JobWaiter.notify key expiration time causes large-scale GitHub imports to get stuck

About

This issue was created from #416306 (comment 1517705434).

JobWaiter is a class we use to track the completion of a collection of queued workers:

Click to expand to see how job waiter is used
  1. Our importers will queue a number of workers to process data fetched from the GitHub API. For each worker queued we increment a JobWaiter counter to track the count of jobs queued.
  2. As a worker completes, it calls JobWaiter.notify to report that it has completed. This pushes its Sidekiq Job ID to a redis set (what's pushed isn't important, but rather just that an element is pushed to the set).
  3. Gitlab::GithubImport::AdvanceStageWorker is queued with the count of jobs queued. It calls JobWaiter.wait to clear the redis set and decrement the count. It does this periodically until the count is 0 (when all jobs have been notified that they completed).

Problem

In the issue_and_diff_notes stage of the import, a large-scale GitHub import will get stuck if the time it takes for the Importer::SingleEndpointDiffNotesImporter to page through many pages of a GitHub API endpoint takes longer than 6 hours.

This happens because the stage uses two importers, and the second importer can take longer than 6 hours to complete:

  1. The first importer, IssuesImporter, will spread the work across many workers.
  2. Then the second importer, SingleEndpointDiffNotesImporter, will run.
  3. Workers queued from IssuesImporter will in the meantime be completing and each calling JobWaiter.notify when they complete their work. This pushes some data to Redis and resets the notification key expiry to 6 hours.
  4. SingleEndpointDiffNotesImporter completes. If it takes longer than 6 hours to complete, the job notifications from workers queued by the IssuesImporter can have expired already.
  5. We queue an AdvanceStageWorker to start receiving the notifications. It will continue to check for the expired notifications for a day before being killed by StuckProjectImportJobsWorker.

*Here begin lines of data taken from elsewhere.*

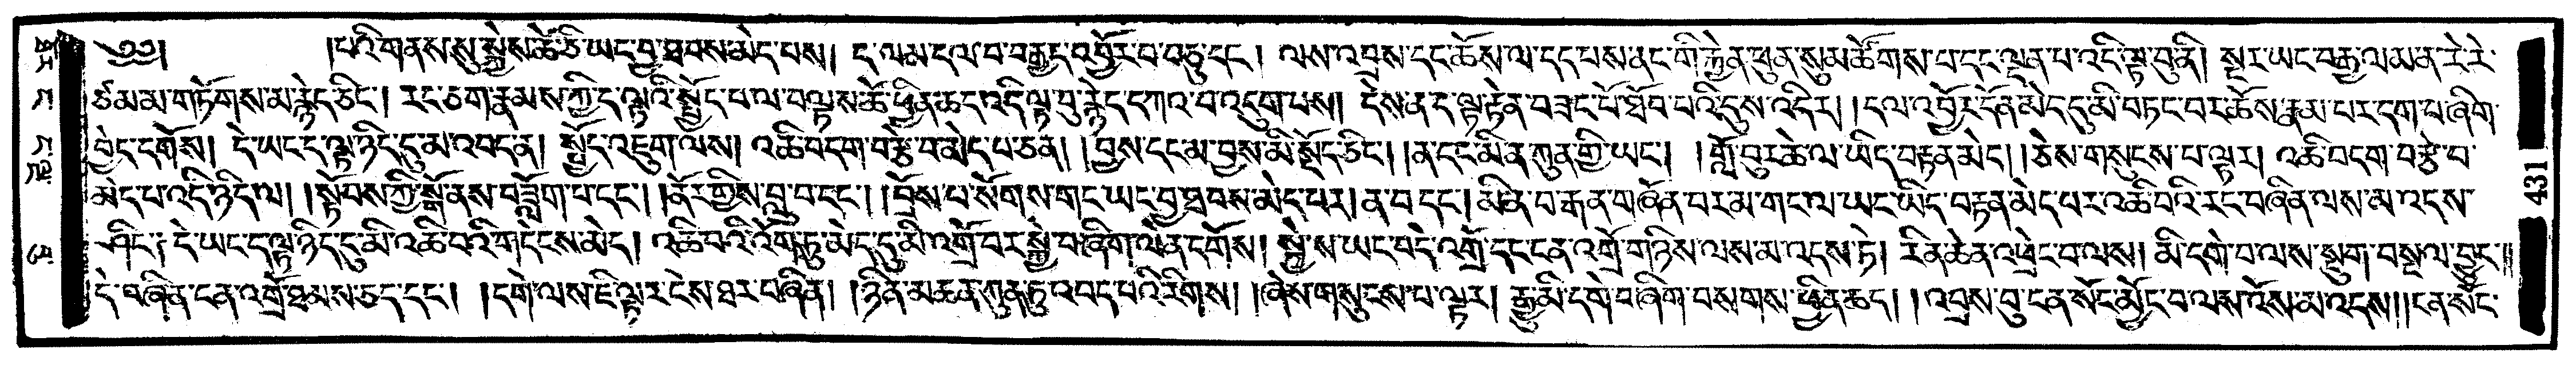༄༅། །པའི་གནས་སུ་སྐྱེས་ཚེ་ཅི་ཡང་བྱ་ཐབས་མེད་པས། ད་ལམ་དལ་བ་བརྒྱད་འབྱོར་བ་བཅུ་དང་། ལས་འབྲས་དང་ཆོས་ལ་དད་པས་ནང་གི་རྐྱེན་ཕུན་སུམ་ཚོགས་པ་དང་ལྡན་པ་འདི་ལྟ་བུ་ནི། སྔར་ཡང་བརྒྱ་ལམ་ན་རེ་རེ་
ཙམ་མ་གཏོགས་མ་རྙེད་ཅིང་། རང་ཅག་རྣམས་ཀྱི་ད་ལྟའི་སྤྱོད་པ་ལ་བལྟས་ཚེ་ཕྱིན་ཆད་འདི་ལྟ་བུ་རྙེད་དཀའ་བ་འདུག་པས། དེས་ན་ད་ལྟ་རྟེན་བཟང་པོ་ཐོབ་པའི་དུས་འདིར། །དལ་འབྱོར་དོན་མེད་དུ་མི་བཏང་བར་ཆོས་རྣམ་པར་དག་པ་ཞིག་
བྱེད་དགོས། དེ་ཡང་ད་ལྟ་ཉིད་དུ་མ་འབད་ན། སྤྱོད་འཇུག་ལས། འཆི་བདག་བརྩེ་བ་མེད་པ་ཅན། །བྱས་དང་མ་བྱས་མི་སྡོད་ཅིང་། །ན་དང་མིན་ཀུན་གྱི་ཡང་། །གློ་བུར་ཆེ་ལ་ཡིད་བརྟན་མེད། །ཅེས་གསུངས་པ་ལྟར། འཆི་བདག་བརྩེ་བ་
མེད་པ་འདི་ཉིད་ལ། །སྟོབས་ཀྱི་སྒོ་ནས་བཟློག་པ་དང་། །ནོར་གྱིས་བླུ་བ་དང་། །བྲོས་པ་སོགས་གང་ཡང་བྱ་ཐབས་མེད་པར། ན་བ་དང་། མིན་བ་རྒན་གཞོན་བར་མ་གང་ལ་ཡང་ཡིད་བརྟན་མེད་པར་འཆི་བའི་རང་བཞིན་ལས་མ་འདས་
ཤིང་། དེ་ཡང་ད་ལྟ་ཉིད་དུ་མི་འཆི་བའི་གདེངས་མེད། འཆི་བའི་འོག་ཏུ་མེད་དུ་མི་འགྲོ་བར་སྐྱེ་བ་ཞིག་ལེན་དགོས། སྐྱེ་ས་ཡང་བདེ་འགྲོ་དང་ངན་འགྲོ་གཉིས་ལས་མ་འདས་ཏེ། རིན་ཆེན་འཕྲེང་བ་ལས། མི་དགེ་བ་ལས་སྡུག་བསྔལ་བྱུང།།
དེ་བཞིན་ངན་འགྲོ་ཐམས་ཅད་དང་། །དགེ་ལས་ཇི་ལྟར་ངེས་ཐར་བཞིན། །ཉིན་མཚན་ཀུན་ཏུ་འབད་པའི་རིགས། །ཞེས་གསུངས་པ་ལྟར། རྒྱུ་མི་དགེ་བ་ཞིག་བསགས་ཕྱིན་ཆད། །འབྲས་བུ་ངན་སོང་མྱོང་བ་ལས་འོས་མ་འདས། །ངན་སོང་

We see in a test import of rails/rails #416306 (comment 1516333932) the following timings:

  • The final Gitlab::Github::ImportIssueWorker completed at 14:30 (log link).
  • AdvanceStageWorker with the matching job key cache key wasn't queued until 21:30 (log link).
  • The AdvanceStageWorker continues to poll Redis but its job count never decreases.

Proposal

Increase the JobWaiter.notify expiry time for importers (at least the GitHub imports, but probably others).

Allow our importers to set a higher expiry time.

A suggested expiry time is 7 days. For jobs that aren't stuck, the data is popped off the cache as normal so the increase in expiry time won't affect the size of data in Redis. Only for any jobs that get stuck will the data be persisted for the 7 days. In #422979 (closed) we could have AdvanceStageWorker clear the cache when it realises it's stuck.

Edited by Luke Duncalfe